Without copying the images, write out all the entries below verbatim.

------------------------

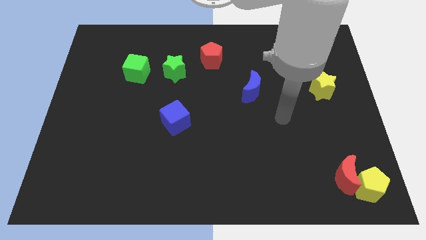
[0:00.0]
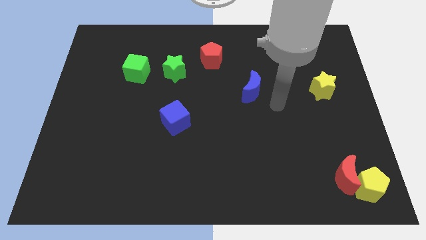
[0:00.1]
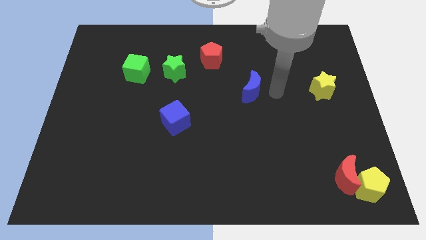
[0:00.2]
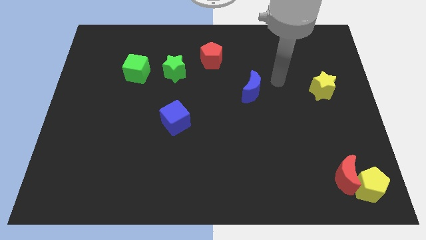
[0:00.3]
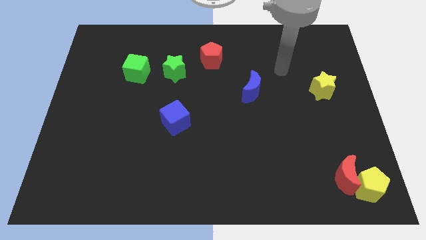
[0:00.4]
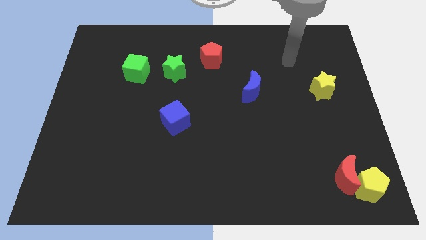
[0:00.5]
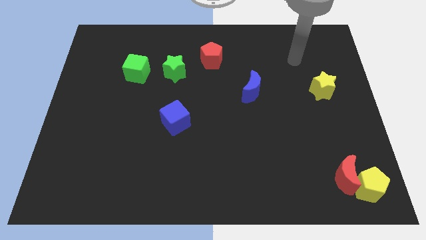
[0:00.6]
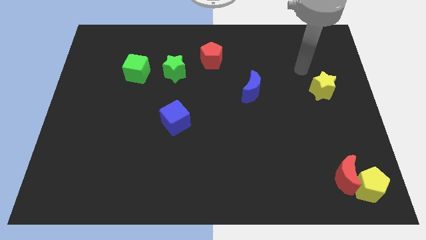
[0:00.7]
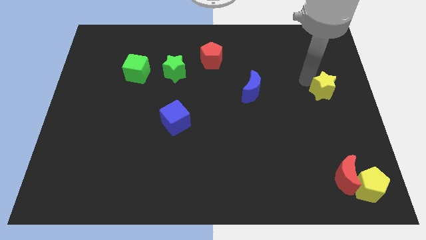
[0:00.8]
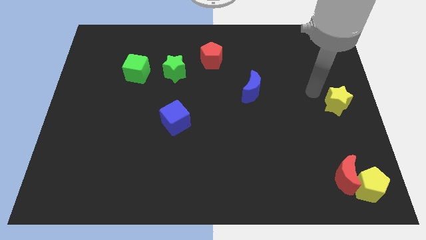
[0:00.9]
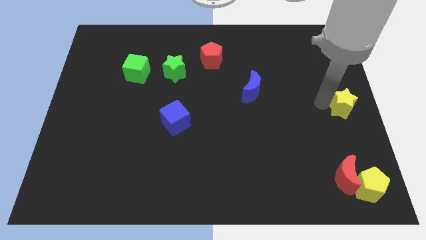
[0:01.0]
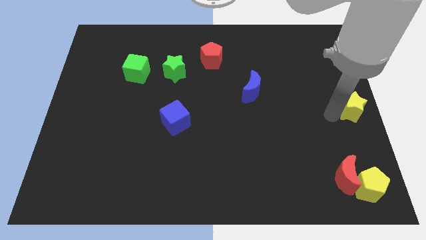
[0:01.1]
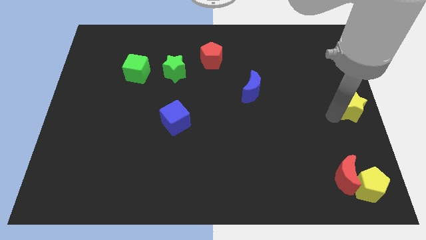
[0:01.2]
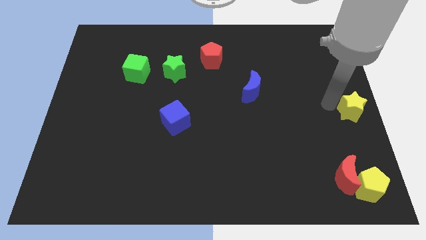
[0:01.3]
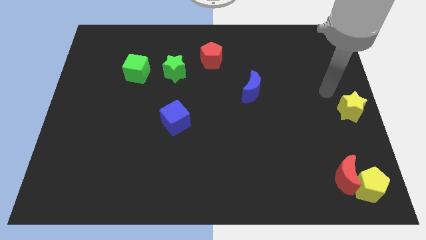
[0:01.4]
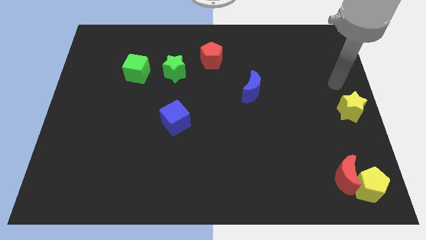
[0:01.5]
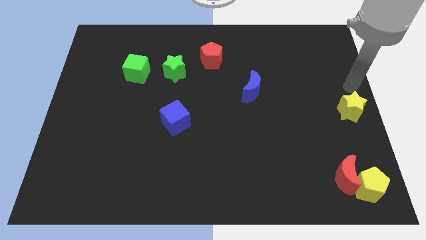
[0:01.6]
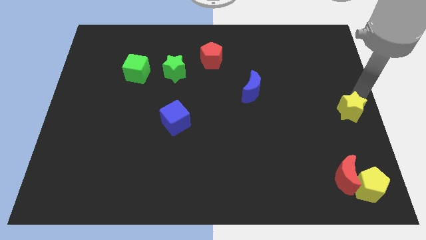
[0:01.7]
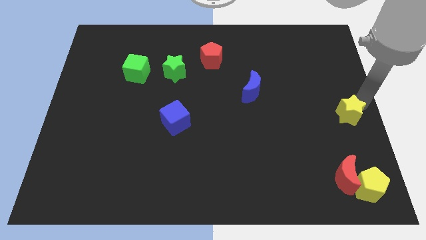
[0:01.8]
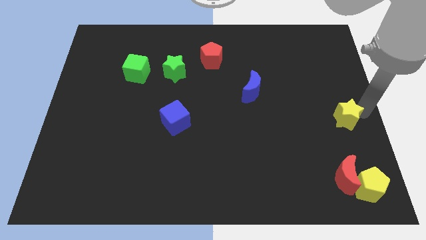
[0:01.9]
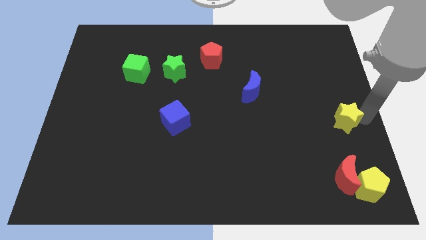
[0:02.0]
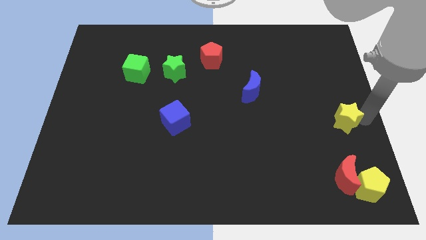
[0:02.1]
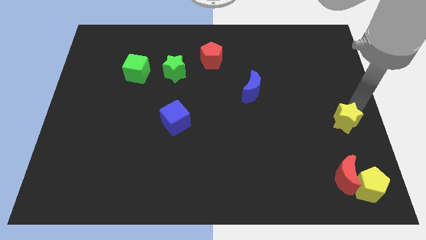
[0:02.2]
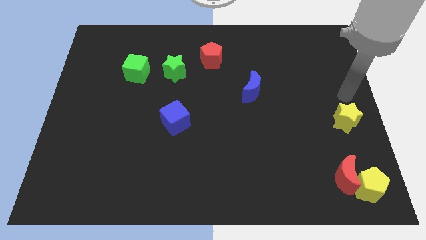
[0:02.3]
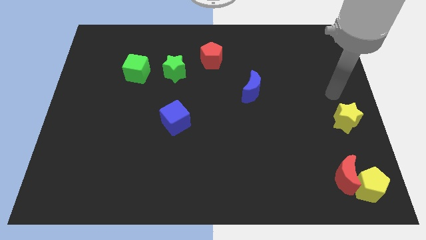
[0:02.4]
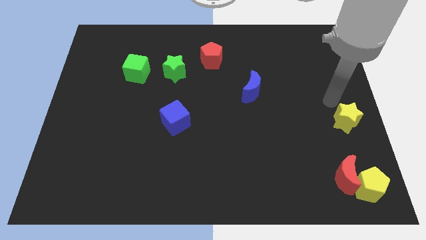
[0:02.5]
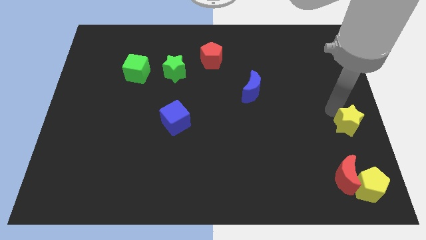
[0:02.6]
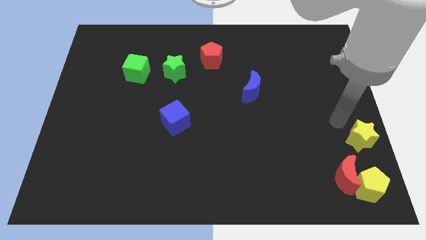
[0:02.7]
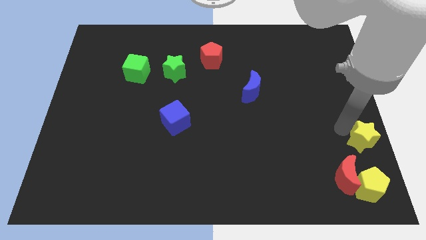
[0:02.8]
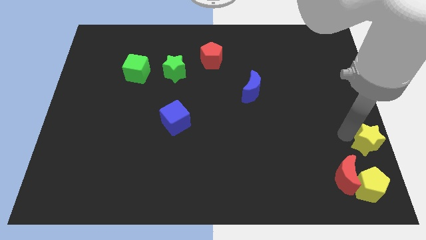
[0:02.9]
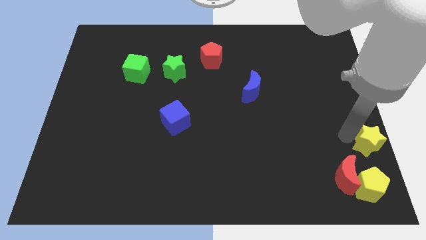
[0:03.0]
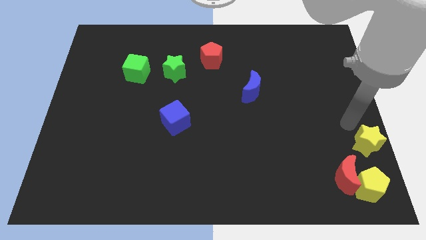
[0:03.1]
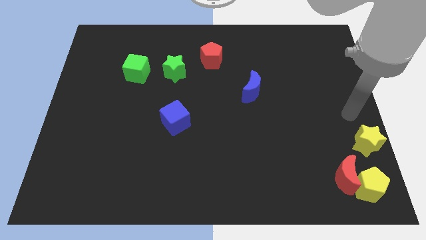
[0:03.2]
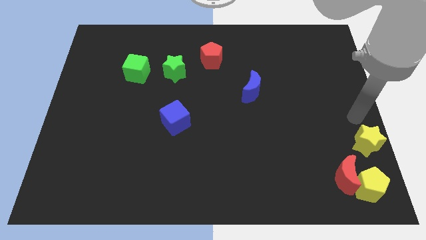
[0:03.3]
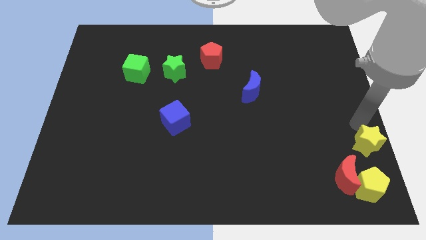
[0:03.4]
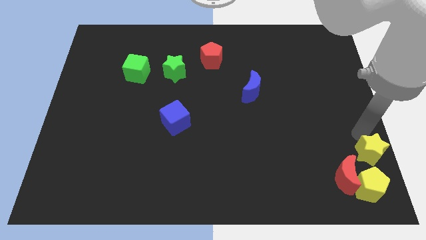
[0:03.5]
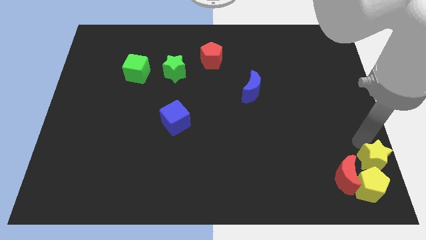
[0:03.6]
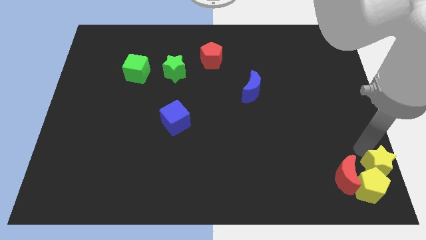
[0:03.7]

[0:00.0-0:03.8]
push the yellow star into both the blocks

------------------------

● **Task output**
[0:00.0]
[0:00.1]
[0:00.2]
[0:00.3]
[0:00.4]
[0:00.5]
[0:00.6]
[0:00.7]
[0:00.8]
[0:00.9]
[0:01.0]
[0:01.1]
[0:01.2]
[0:01.3]
[0:01.4]
[0:01.5]
[0:01.6]
[0:01.7]
[0:01.8]
[0:01.9]
[0:02.0]
[0:02.1]
[0:02.2]
[0:02.3]
[0:02.4]
[0:02.5]
[0:02.6]
[0:02.7]
[0:02.8]
[0:02.9]
[0:03.0]
[0:03.1]
[0:03.2]
[0:03.3]
[0:03.4]
[0:03.5]
[0:03.6]
[0:03.7]

[0:00.0-0:03.8]
push the yellow star into both the blocks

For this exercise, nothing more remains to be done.